13 Only small changes in the VF-14 score were observed over the 24-week study period.
22 A small nonsignificant treatment effect was detected between the idebenone- and placebo-treated groups. As we have demonstrated in this study, there are issues with the validity of the VF-14 that limit its usefulness. Furthermore, the VF-14 only measures vision-related activity limitation and does not specifically address other domains of quality of life that may be important to individuals with LHON.
23,24 In this study we have demonstrated that the psychometric properties of the VF-14 can be improved by re-engineering the response categories and removing items that don’t fully contribute towards the total score. Additional studies could be performed to determine the impact of idebenone on vision-related activity limitation using the VF-14R we have proposed. However, post-hoc revisions to the VF-14 does not address the content of the PROM, which would require additional items to function as a measure of health-related quality of life.

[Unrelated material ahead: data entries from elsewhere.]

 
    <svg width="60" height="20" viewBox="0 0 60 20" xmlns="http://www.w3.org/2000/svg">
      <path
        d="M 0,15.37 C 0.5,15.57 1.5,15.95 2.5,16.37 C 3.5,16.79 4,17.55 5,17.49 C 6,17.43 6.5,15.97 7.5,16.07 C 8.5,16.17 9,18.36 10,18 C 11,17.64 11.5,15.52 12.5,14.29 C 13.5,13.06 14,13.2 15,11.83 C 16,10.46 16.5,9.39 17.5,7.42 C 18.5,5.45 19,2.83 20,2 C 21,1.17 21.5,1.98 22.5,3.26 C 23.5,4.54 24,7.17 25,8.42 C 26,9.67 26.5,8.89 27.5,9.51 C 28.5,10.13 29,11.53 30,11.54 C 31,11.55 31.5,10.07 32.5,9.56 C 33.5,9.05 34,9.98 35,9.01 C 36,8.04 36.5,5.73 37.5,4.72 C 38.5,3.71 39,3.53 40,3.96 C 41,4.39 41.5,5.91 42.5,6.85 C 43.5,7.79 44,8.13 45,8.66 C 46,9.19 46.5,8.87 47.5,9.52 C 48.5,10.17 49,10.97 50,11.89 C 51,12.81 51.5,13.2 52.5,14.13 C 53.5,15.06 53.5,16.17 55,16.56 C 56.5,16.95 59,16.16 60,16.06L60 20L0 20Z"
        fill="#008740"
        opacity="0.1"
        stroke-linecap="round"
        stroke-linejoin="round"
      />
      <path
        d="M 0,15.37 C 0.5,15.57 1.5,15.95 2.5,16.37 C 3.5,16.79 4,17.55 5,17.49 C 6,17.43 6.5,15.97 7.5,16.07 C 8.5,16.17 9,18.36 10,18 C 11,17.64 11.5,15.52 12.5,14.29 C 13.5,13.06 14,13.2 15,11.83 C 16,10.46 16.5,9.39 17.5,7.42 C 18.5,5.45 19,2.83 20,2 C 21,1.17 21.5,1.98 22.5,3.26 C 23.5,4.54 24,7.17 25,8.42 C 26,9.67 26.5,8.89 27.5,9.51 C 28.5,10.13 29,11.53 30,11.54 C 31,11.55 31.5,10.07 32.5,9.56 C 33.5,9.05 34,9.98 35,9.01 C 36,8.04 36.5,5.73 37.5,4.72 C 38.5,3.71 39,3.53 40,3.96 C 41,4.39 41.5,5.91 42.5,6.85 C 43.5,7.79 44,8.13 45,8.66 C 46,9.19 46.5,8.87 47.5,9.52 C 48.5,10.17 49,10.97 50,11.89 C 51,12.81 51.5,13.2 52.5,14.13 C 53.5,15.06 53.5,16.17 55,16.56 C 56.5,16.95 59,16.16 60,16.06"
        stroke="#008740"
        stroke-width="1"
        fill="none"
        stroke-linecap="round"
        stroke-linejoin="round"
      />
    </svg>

23 For these reasons, we have not provided equating scales to convert the original VF-14 to the modified VF-14R score.
A weakness of the VF-14 in its original format is the conversion of raw scores for individual items into an average score out of 100. This assumes that each item contributes equally to the final score, and that the interval between each response category is uniform across all the categories and for all items. A key strength of this study was the use of Rasch analysis to overcome this limitation by calculating item difficulty in relation to person ability and adjusting the overall scores accordingly, allowing comparison of measures and interpretation of changes in scores when the logit scores are used. Previous studies have found that Rasch-informed revisions to the VF-14 are more sensitive to change than the original VF-14, when used in longitudinal studies of patients with cataracts who undergo surgery.
25 Another strength of Rasch analysis is its robustness to incomplete data, with all available data being used within the analysis process.
26 This is a substantial advantage over Classical Test Theory, a traditional psychometric approach, where item-level missing data can bias test results.
27
Limitations of this study relate to the study participants. Individuals with LHON were recruited from large university clinics in three European countries. Patients seen in these clinics may have more complex disease or severe disease because of referral bias. Except for one respondent of Asian descent, all respondents were white. The experiences of these respondents residing mainly in Europe may differ from those elsewhere in the world (e.g., in the United States).
28,29 Consistent with the epidemiology of LHON, over 70% of respondents were male, and nearly 70% harbored the m.11778G>A LHON mutation in this study. Additional studies would be required to determine whether any items of the VF-14 exhibited differential item functioning, particularly for female participants or those who carried other LHON mutations.
In summary, the VF-14 in its original format exhibits several limitations that undermines its psychometric validity as a PROM for assessing vision-related activity limitation in individuals with LHON. These limitations likely stem from differences in the clinical and demographic characteristics of individuals with LHON compared to those with cataracts, leading to problems with disordered response category thresholds, item misfit, and scale multidimensionality. Rasch informed post-hoc revisions of the VF-14 can improve the psychometric validity of the PROM. However, these revisions do not overcome issues relating to PROM content. Future studies should evaluate the sensitivity of other established scales for conditions that have similar clinical and demographic characteristics to individuals with LHON, such as people with low vision, or focus on the development of a LHON-specific PROM that captures the disease characteristics that matter most to LHON patients.